Return the listing exactly. Keep no pictures.
______________________________
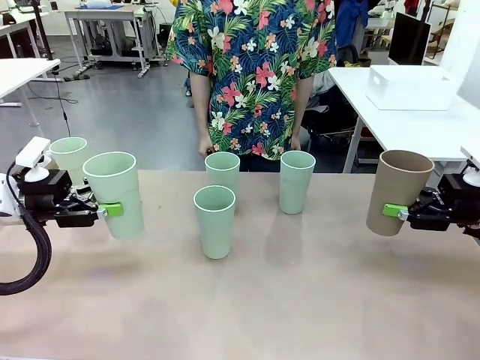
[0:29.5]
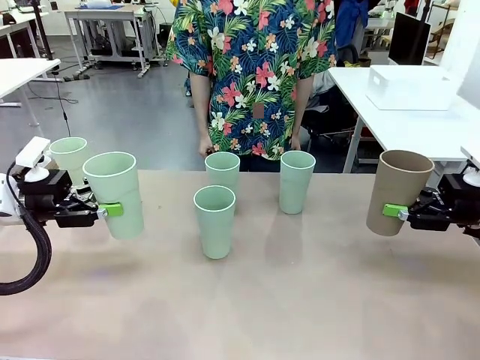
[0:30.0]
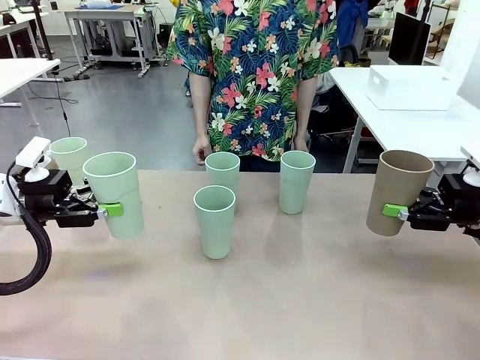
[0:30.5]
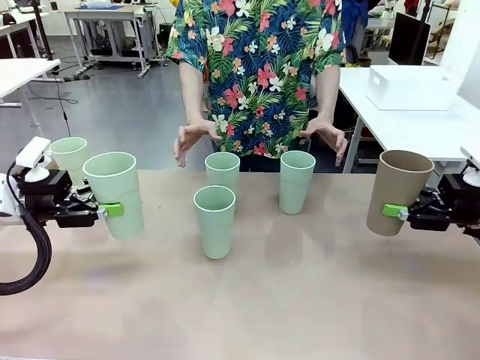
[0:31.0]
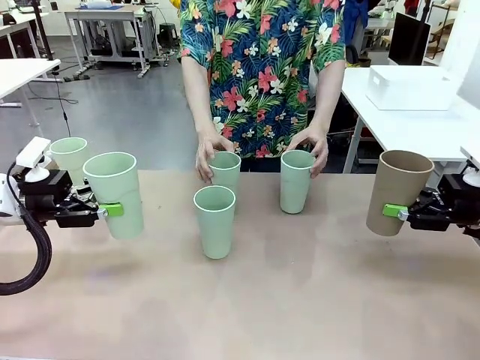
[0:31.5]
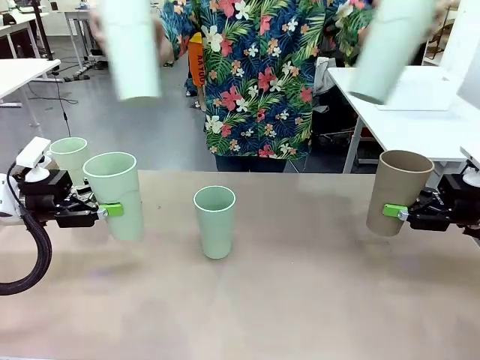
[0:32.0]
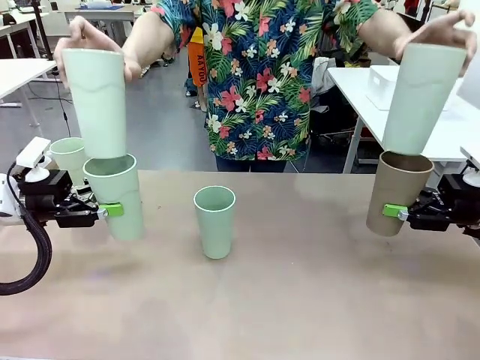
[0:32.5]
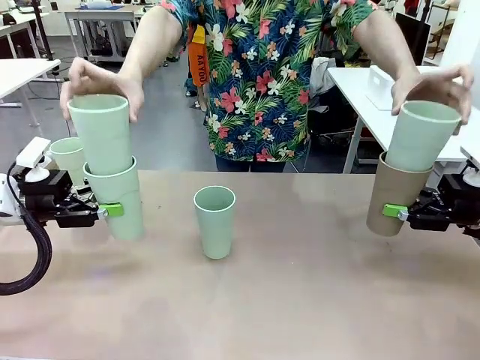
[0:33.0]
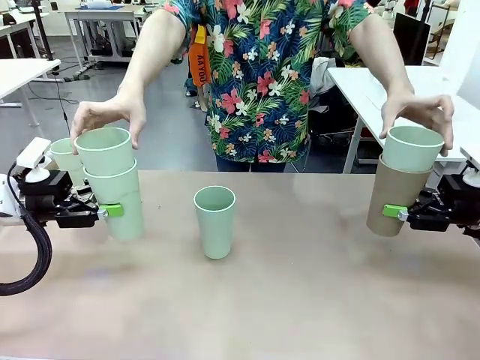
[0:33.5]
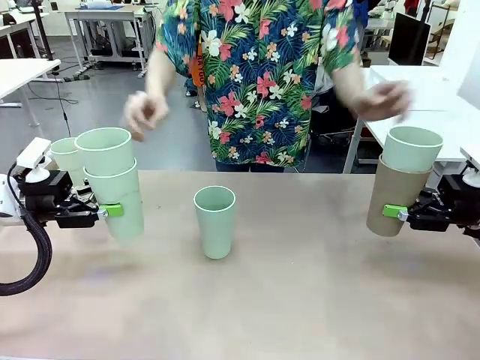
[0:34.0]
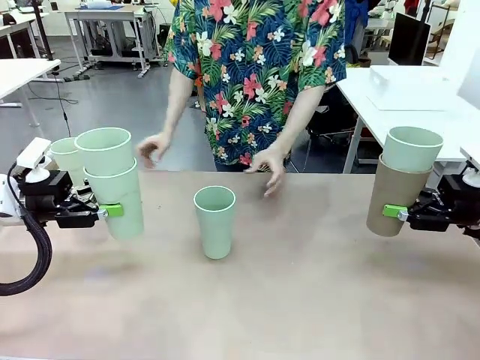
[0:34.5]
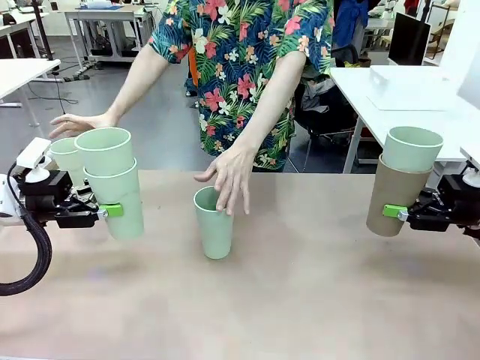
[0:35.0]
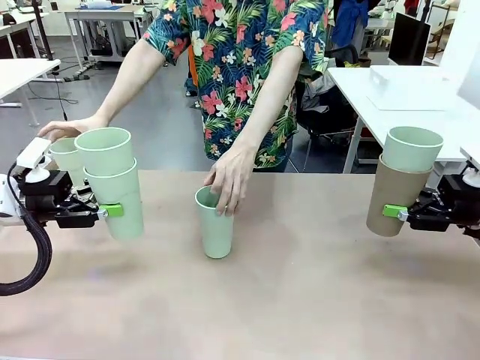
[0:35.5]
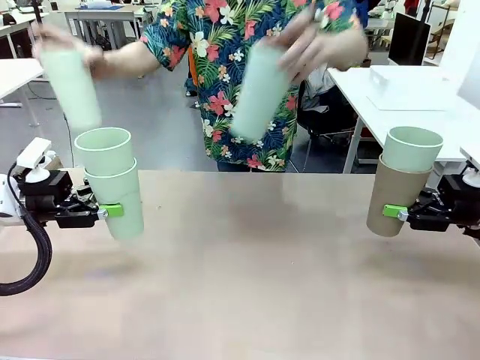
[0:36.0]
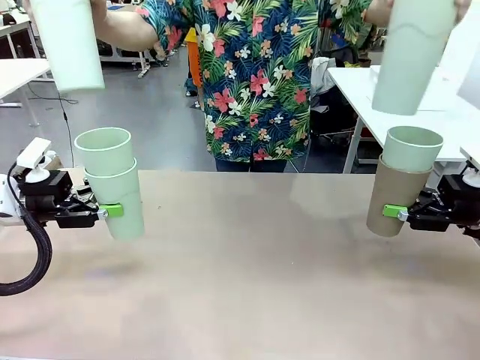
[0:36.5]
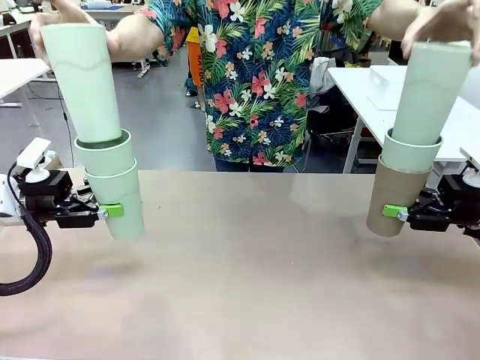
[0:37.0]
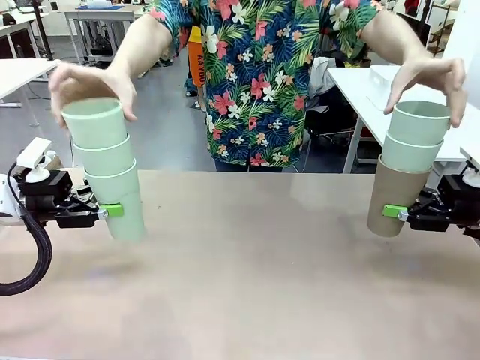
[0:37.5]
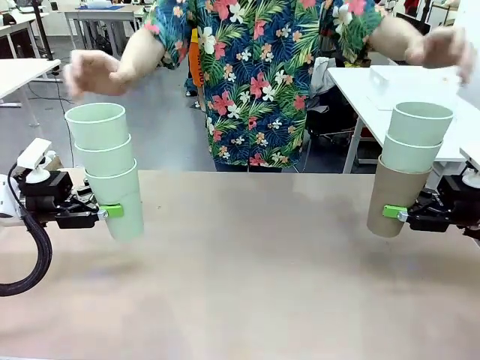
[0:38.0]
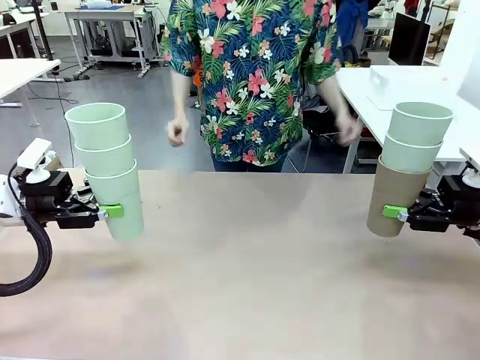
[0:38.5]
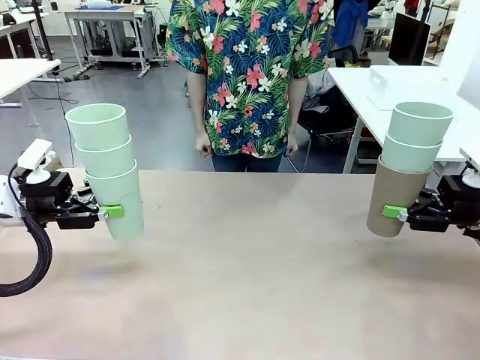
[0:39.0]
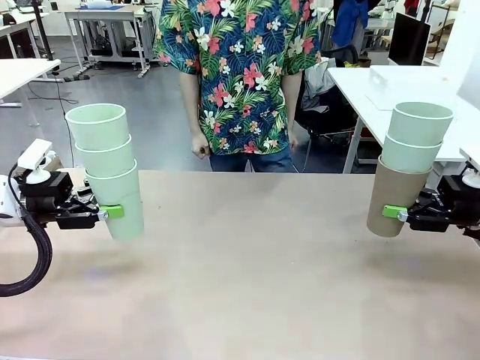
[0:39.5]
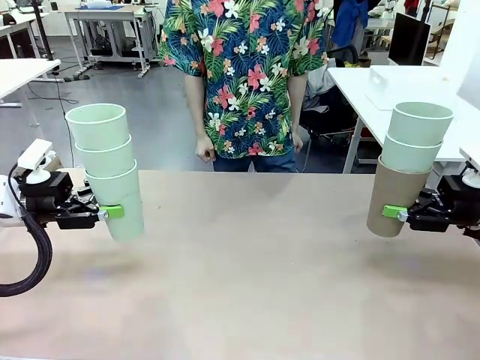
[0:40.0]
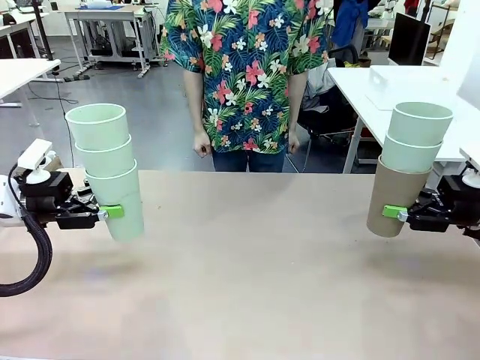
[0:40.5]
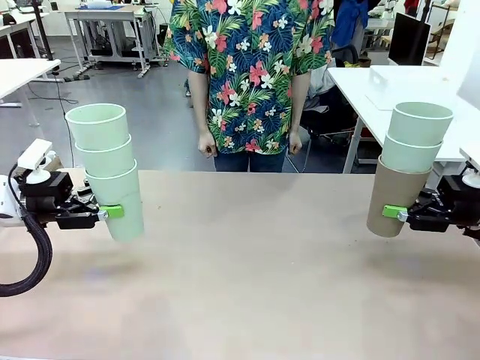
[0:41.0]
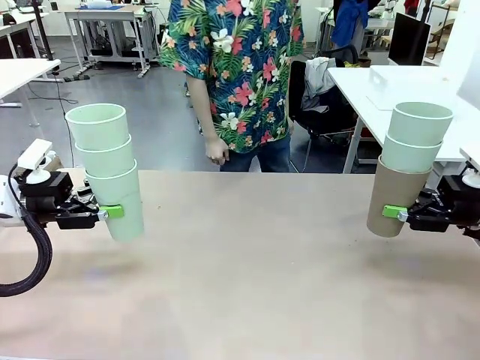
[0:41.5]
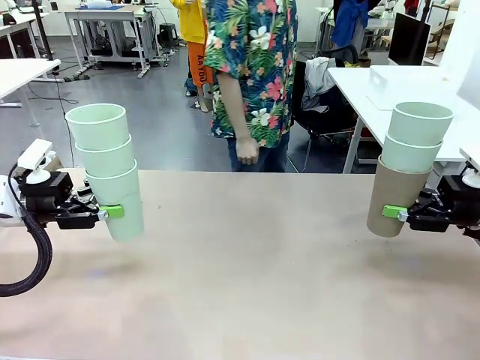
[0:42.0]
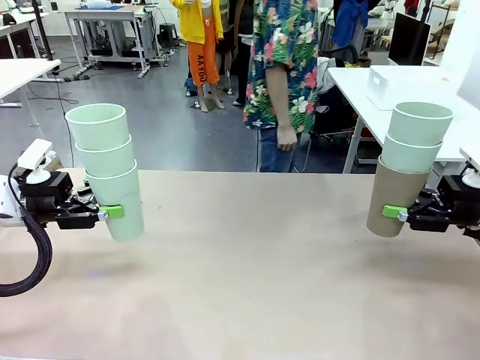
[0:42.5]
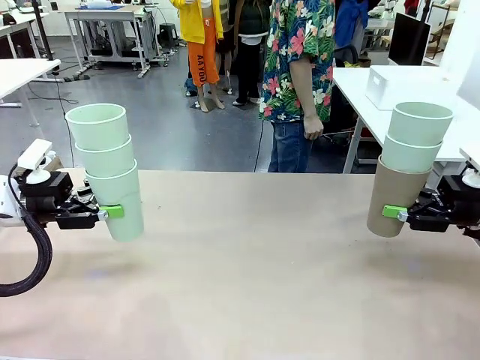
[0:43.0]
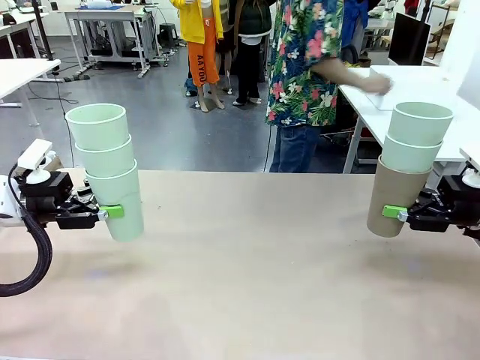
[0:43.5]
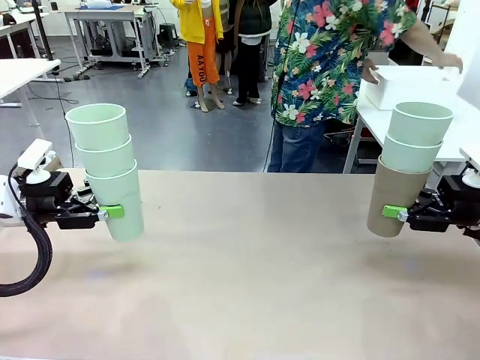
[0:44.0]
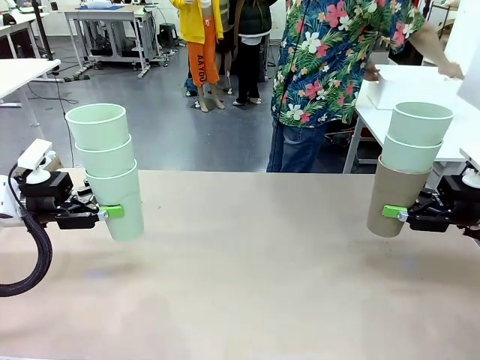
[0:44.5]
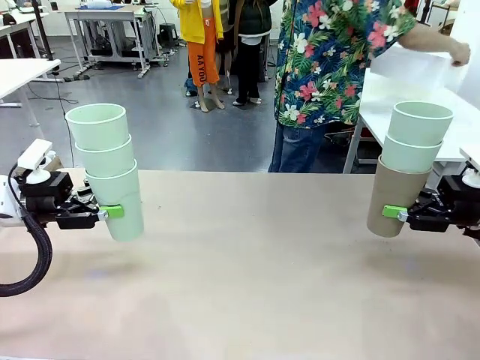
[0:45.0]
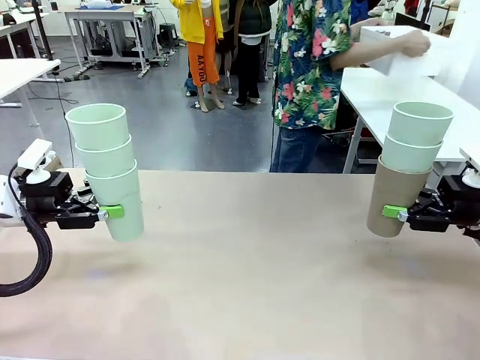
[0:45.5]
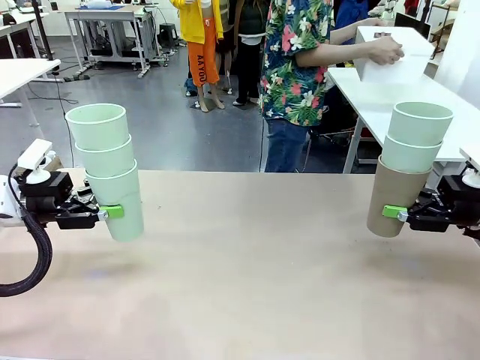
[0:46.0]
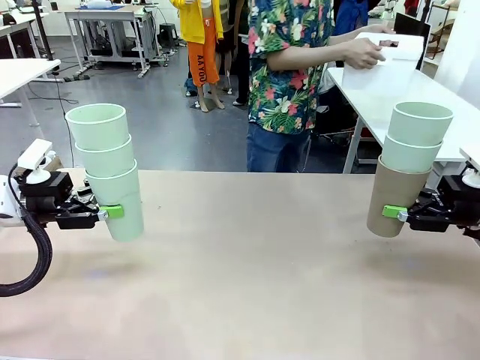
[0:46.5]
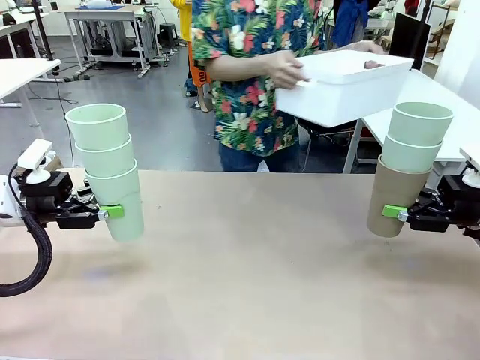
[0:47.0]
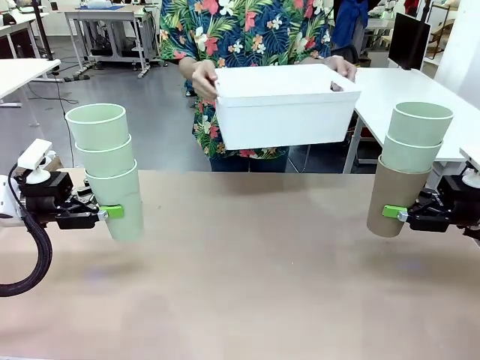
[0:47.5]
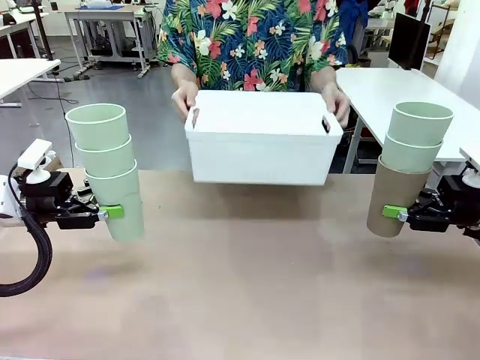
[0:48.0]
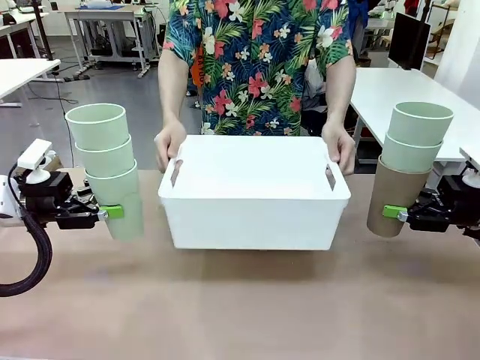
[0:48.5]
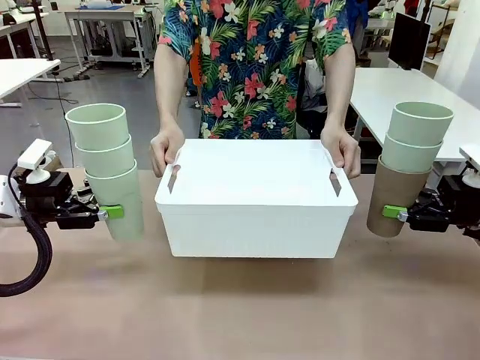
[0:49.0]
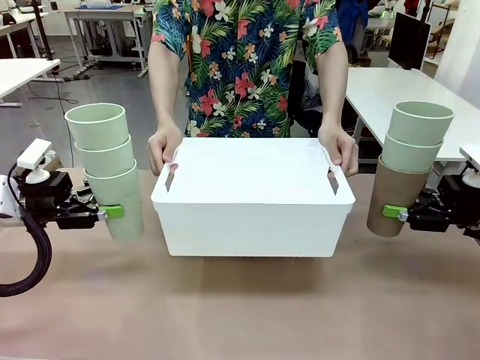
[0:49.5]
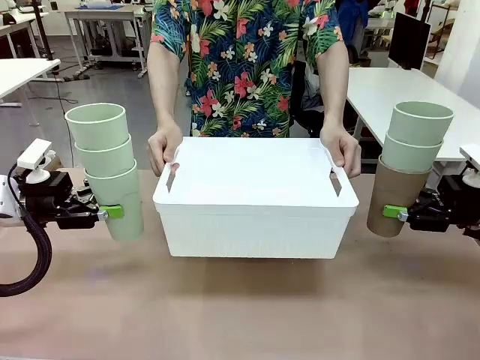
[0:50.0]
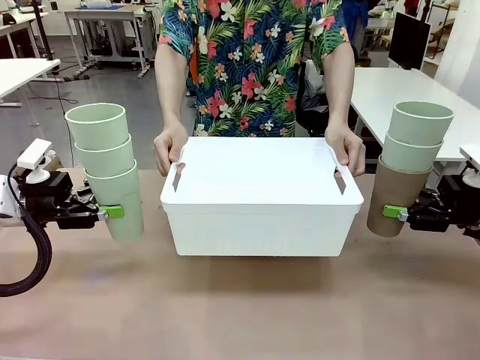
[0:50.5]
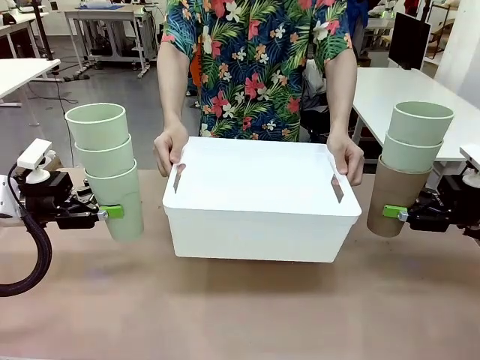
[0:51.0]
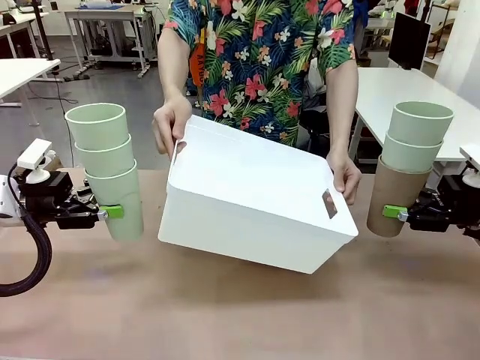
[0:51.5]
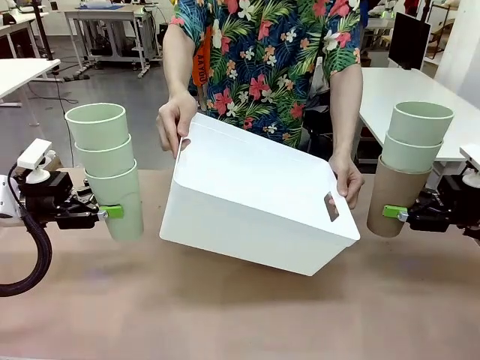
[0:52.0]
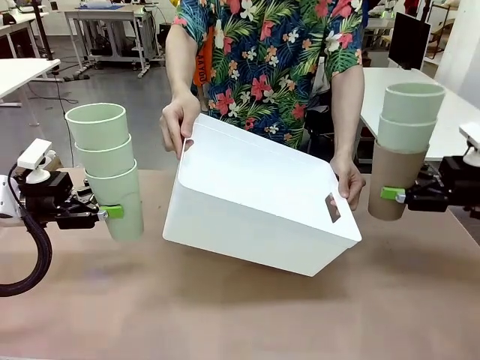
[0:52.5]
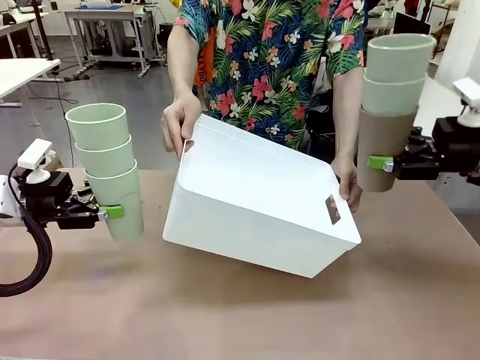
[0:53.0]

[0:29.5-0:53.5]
Task: Stack the cups and store them in the basket.
Robot: Place the stack of Reusable plastic cups into the Pantry Basket.
Person: Pick up the basket from the Human Table, bring it to the front of the robot, and present it.
______________________________
FINISHED TASK:
[0:29.5]
[0:30.0]
[0:30.5]
[0:31.0]
[0:31.5]
[0:32.0]
[0:32.5]
[0:33.0]
[0:33.5]
[0:34.0]
[0:34.5]
[0:35.0]
[0:35.5]
[0:36.0]
[0:36.5]
[0:37.0]
[0:37.5]
[0:38.0]
[0:38.5]
[0:39.0]
[0:39.5]
[0:40.0]
[0:40.5]
[0:41.0]
[0:41.5]
[0:42.0]
[0:42.5]
[0:43.0]
[0:43.5]
[0:44.0]
[0:44.5]
[0:45.0]
[0:45.5]
[0:46.0]
[0:46.5]
[0:47.0]
[0:47.5]
[0:48.0]
[0:48.5]
[0:49.0]
[0:49.5]
[0:50.0]
[0:50.5]
[0:51.0]
[0:51.5]
[0:52.0]
[0:52.5]
[0:53.0]

[0:29.5-0:53.5]
Task: Stack the cups and store them in the basket.
Robot: Place the stack of Reusable plastic cups into the Pantry Basket.
Person: Pick up the basket from the Human Table, bring it to the front of the robot, and present it.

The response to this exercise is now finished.